Retype the entries exactly; omit all pictures.

Start of DATA IN THIS EXERCISE

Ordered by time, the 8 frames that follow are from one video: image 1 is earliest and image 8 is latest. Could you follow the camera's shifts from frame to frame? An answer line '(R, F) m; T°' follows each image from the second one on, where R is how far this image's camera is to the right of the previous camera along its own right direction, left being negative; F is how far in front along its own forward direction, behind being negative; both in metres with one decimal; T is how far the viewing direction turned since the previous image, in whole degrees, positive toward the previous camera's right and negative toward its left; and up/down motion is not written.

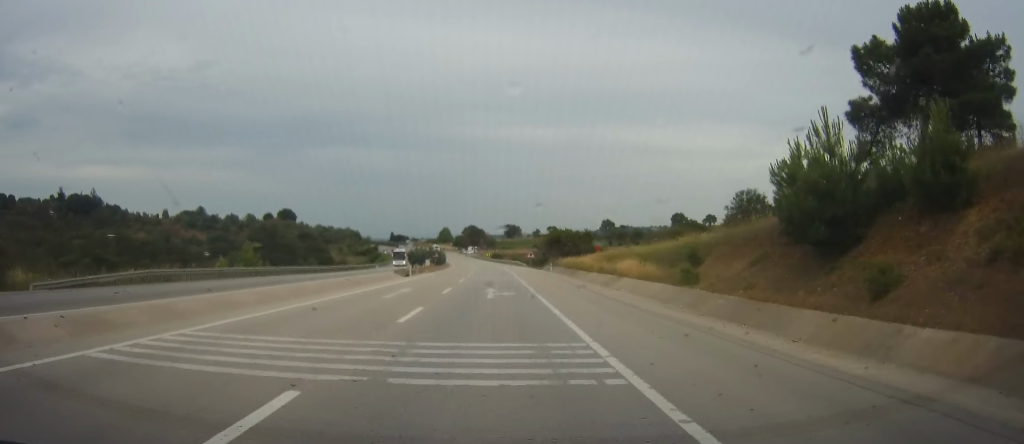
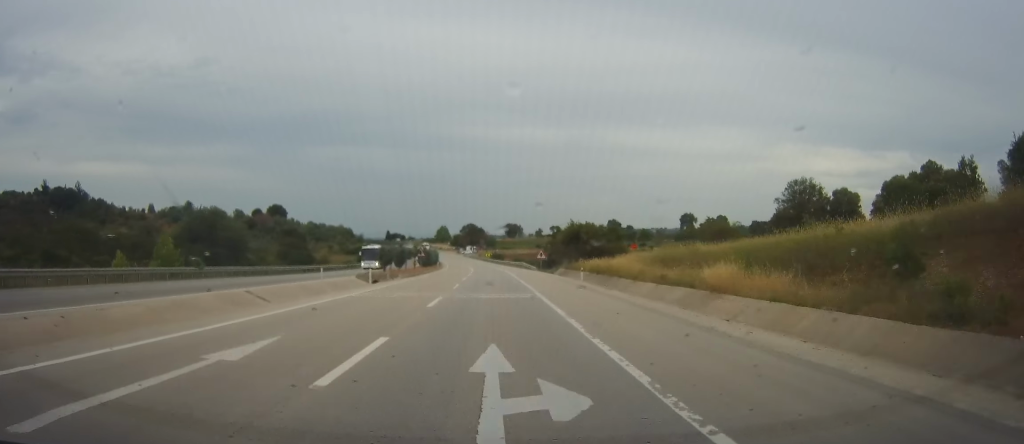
(0.0, +18.7) m; 0°
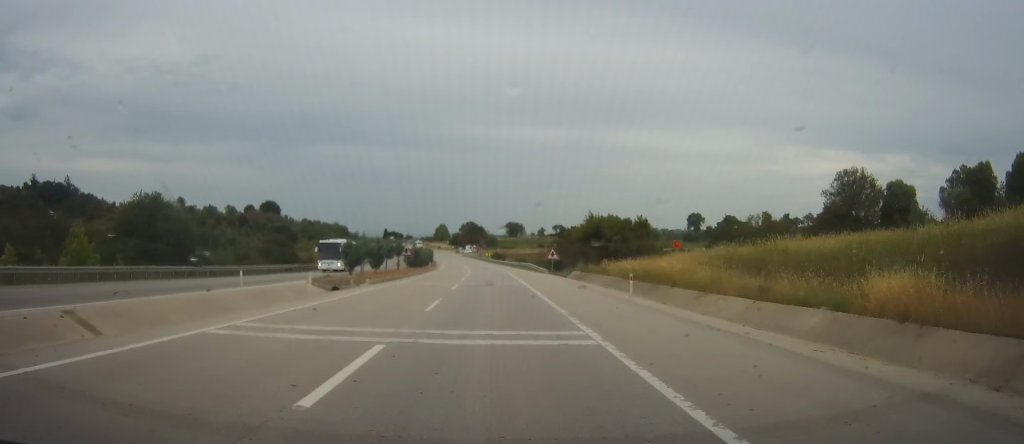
(0.0, +12.8) m; 0°
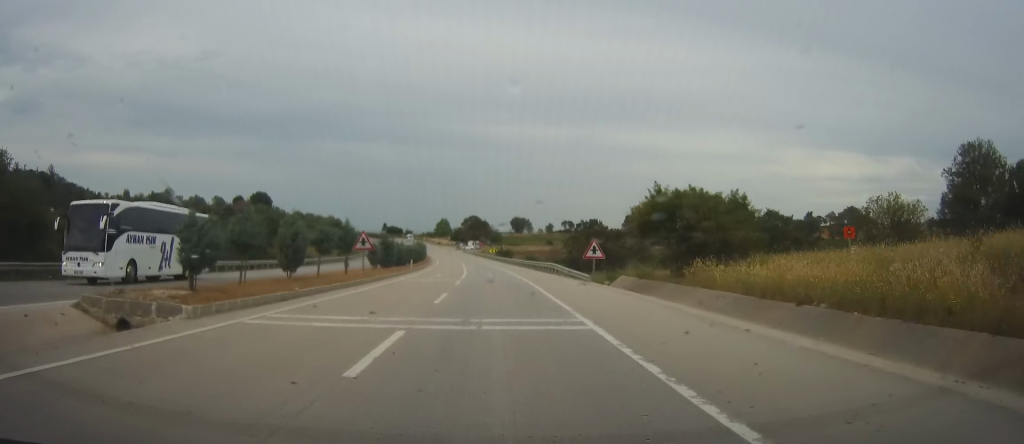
(+0.1, +21.7) m; -2°
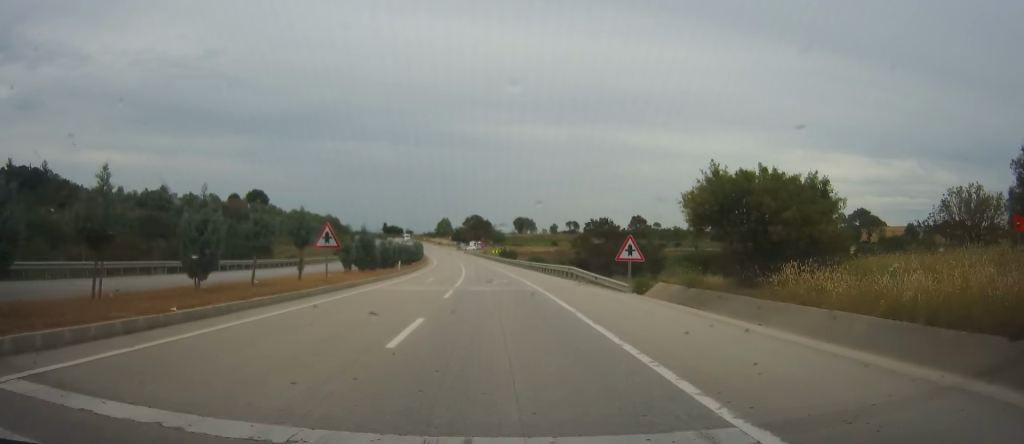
(-0.4, +9.6) m; 0°
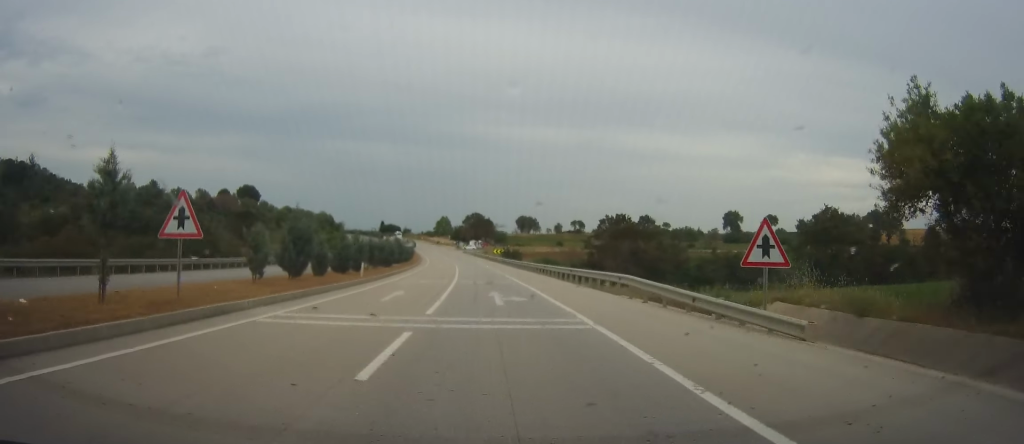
(-0.4, +14.2) m; 0°
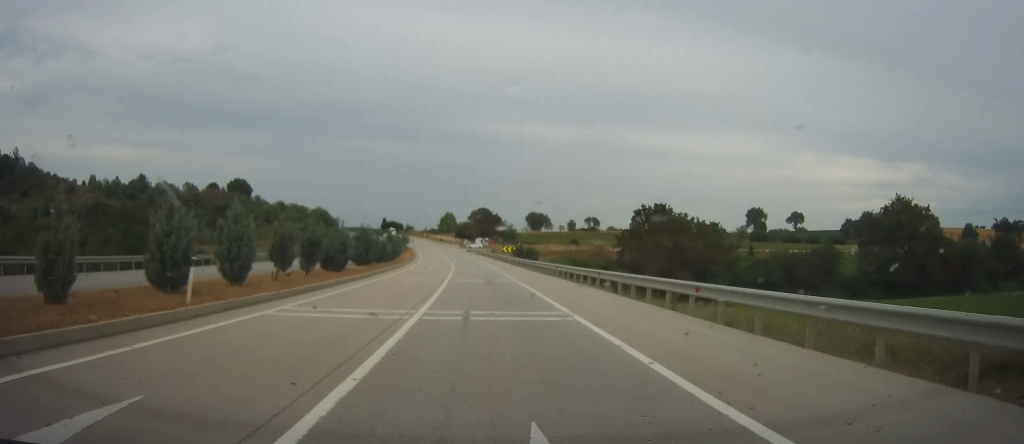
(+0.6, +21.5) m; +1°
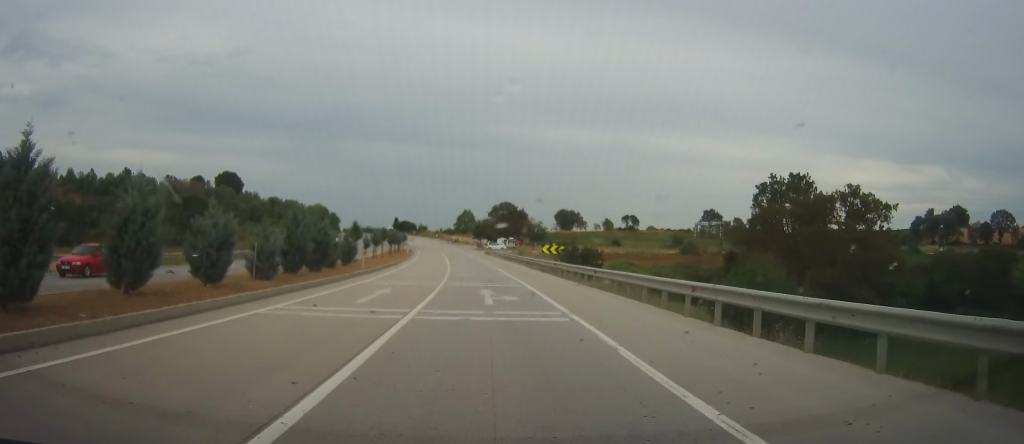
(-0.2, +34.6) m; -1°

End of DATA IN THIS EXERCISE

- _SOLUTION_
Ordered by time, the 8 frames that follow are from one video: image 1 is earliest and image 8 is latest. Could you follow the camera's shifts from frame to frame? An answer line '(R, F) m; T°' follows each image from the second one on, where R is how far this image's camera is to the right of the previous camera along its own right direction, left being negative; F is how far in front along its own forward direction, behind being negative; both in metres with one decimal; T is how far the viewing direction turned since the previous image, in whole degrees, positive toward the previous camera's right and negative toward its left; and up/down motion is not written.

(0.0, +18.7) m; 0°
(0.0, +12.8) m; 0°
(+0.1, +21.7) m; -2°
(-0.4, +9.6) m; 0°
(-0.4, +14.2) m; 0°
(+0.6, +21.5) m; +1°
(-0.2, +34.6) m; -1°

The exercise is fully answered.